If you don’t consider the scarcity of water a huge issue for the citizens of this planet, you haven’t been paying attention. Water scarcity affects 2.7 billion people worldwide for at least a month a year and it is getting worse.
Are we in the hospitality industry paying attention?
Several recent examples of this have me wondering.
- During a stay in a drought-stricken, water-restricted town in Texas, the ice bucket in my room was filled every night without request. It is one of their guest services. I tried desperately for the three nights of my stay to get this “service” to stop, but was not successful.
- At a recent conference in California, the hotel caterer required all the water glasses were pre-filled. When the event coordinator pleaded to instead have just a pitcher of water and glasses on each table, she was told it was a “labor union policy.” It was not until this event coordinator elevated her request to the General Manager, citing Governor Brown’s recent Drought Emergency Act, that the practice was discontinued “for this event only.”
- Another hotel in a city facing water restrictions is clinging to the idea that all of their guests need their sheets changed (and washed) every single day without giving guests the chance to opt out of the program.

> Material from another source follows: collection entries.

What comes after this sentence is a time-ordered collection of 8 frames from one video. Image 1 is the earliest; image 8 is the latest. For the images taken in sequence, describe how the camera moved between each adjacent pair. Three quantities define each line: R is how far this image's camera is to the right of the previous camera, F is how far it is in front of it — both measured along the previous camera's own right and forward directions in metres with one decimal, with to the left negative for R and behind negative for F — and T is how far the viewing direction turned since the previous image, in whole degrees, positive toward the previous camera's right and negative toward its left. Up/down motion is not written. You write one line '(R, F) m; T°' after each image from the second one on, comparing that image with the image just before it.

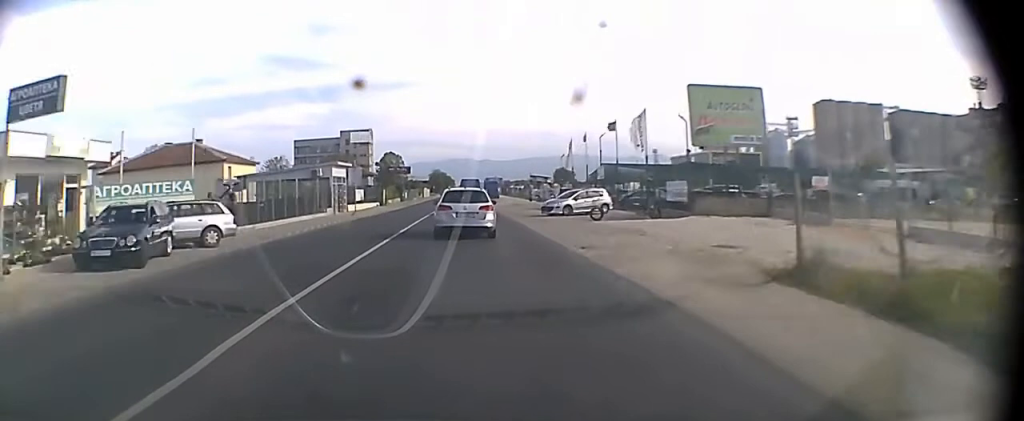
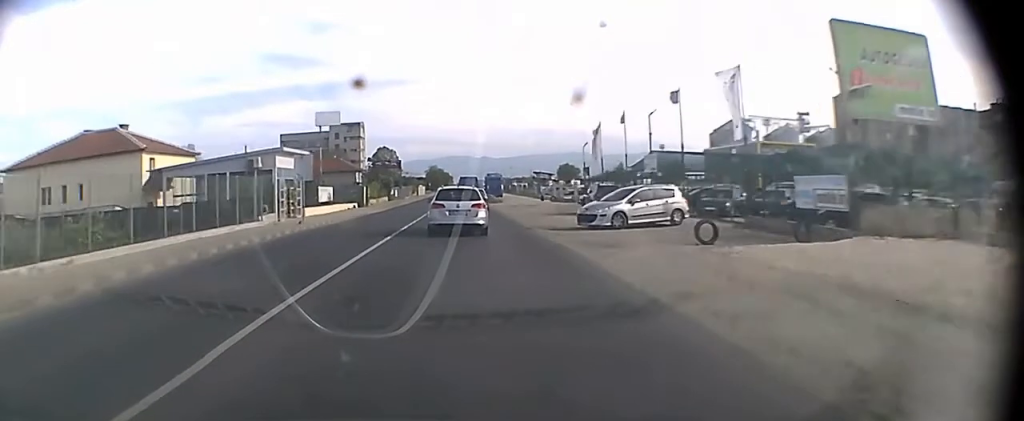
(0.0, +15.4) m; 0°
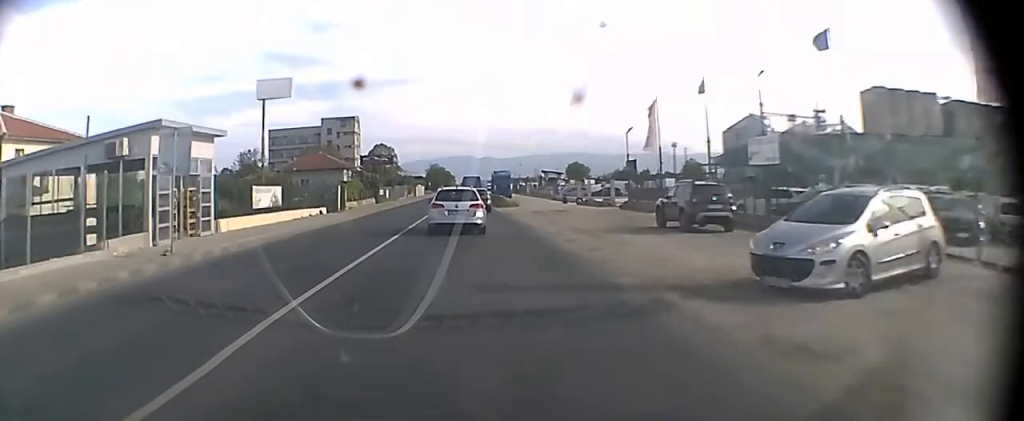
(0.0, +14.0) m; 0°
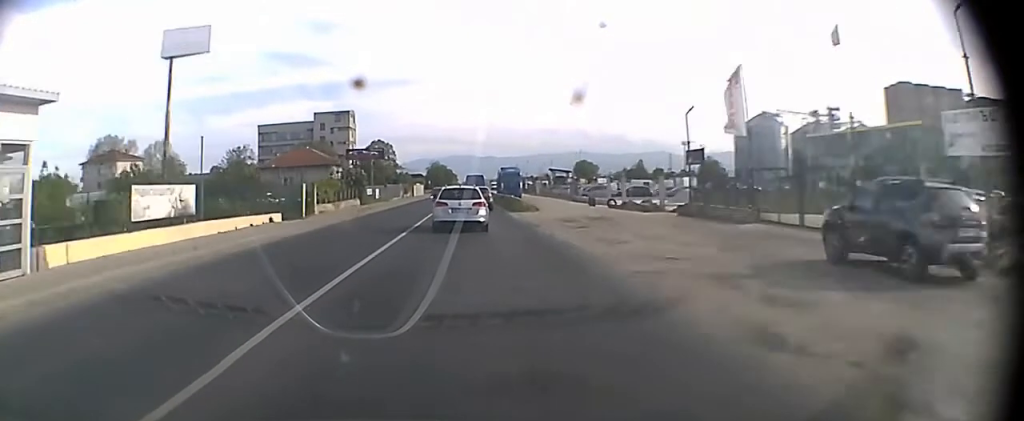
(0.0, +12.5) m; 0°
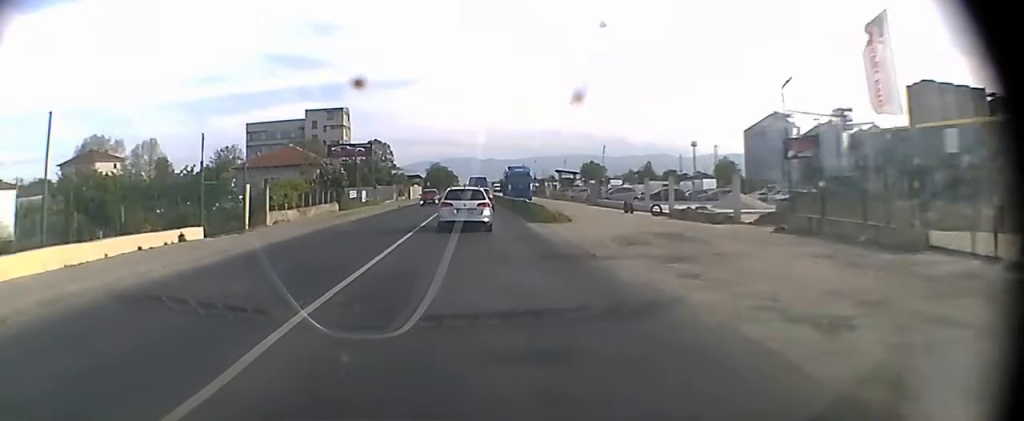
(0.0, +12.6) m; 0°
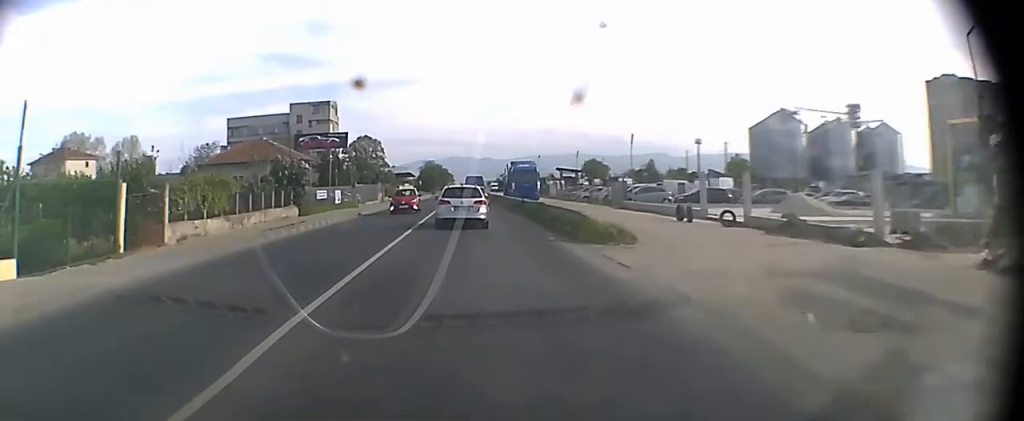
(0.0, +11.2) m; 0°
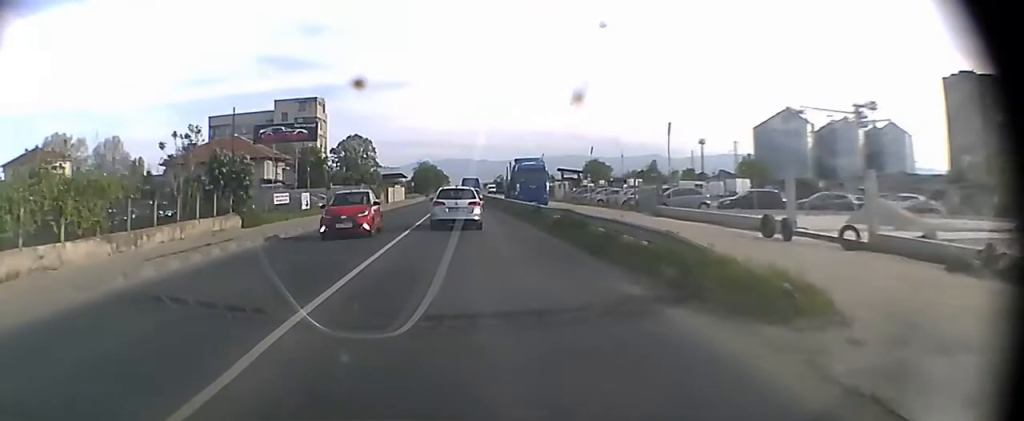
(0.0, +9.6) m; 0°
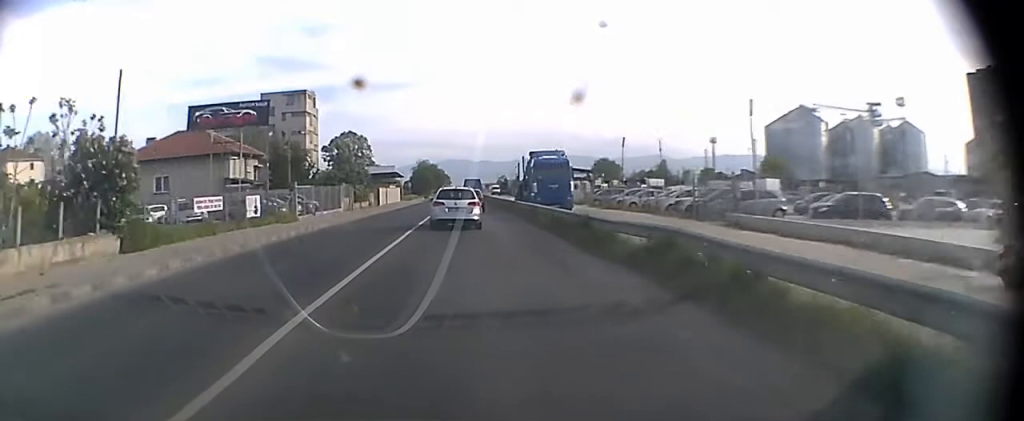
(0.0, +11.3) m; 0°

Again, are we paying attention? Can our industry be part of the solution and not part of the problem?
As meeting professionals, both planners and suppliers, we have an enormous opportunity to make an impact just by making more responsible choices, to be aware of the consequences of our requests on the communities where our events are held. Most of these choices are the low-hanging fruit of water conservation.
The “higher-hanging fruit” food and beverages choices will be next. Here are some examples of the water footprint of commonly ordered products to think about.
- 1 gallon of wine requires 1,008 gallons of water
- 1 gallon of coffee requires 880 gallons of water
- 1 gallon of tea requires 128 gallons of water
And if that doesn’t hit where it hurts, how about
- 1 lb. of chocolate requires 3,170 gallons of water
We talk a lot about how mighty the travel/meeting industry is and about our buying power. Let’s put it to good use for the fellow citizens of this planet!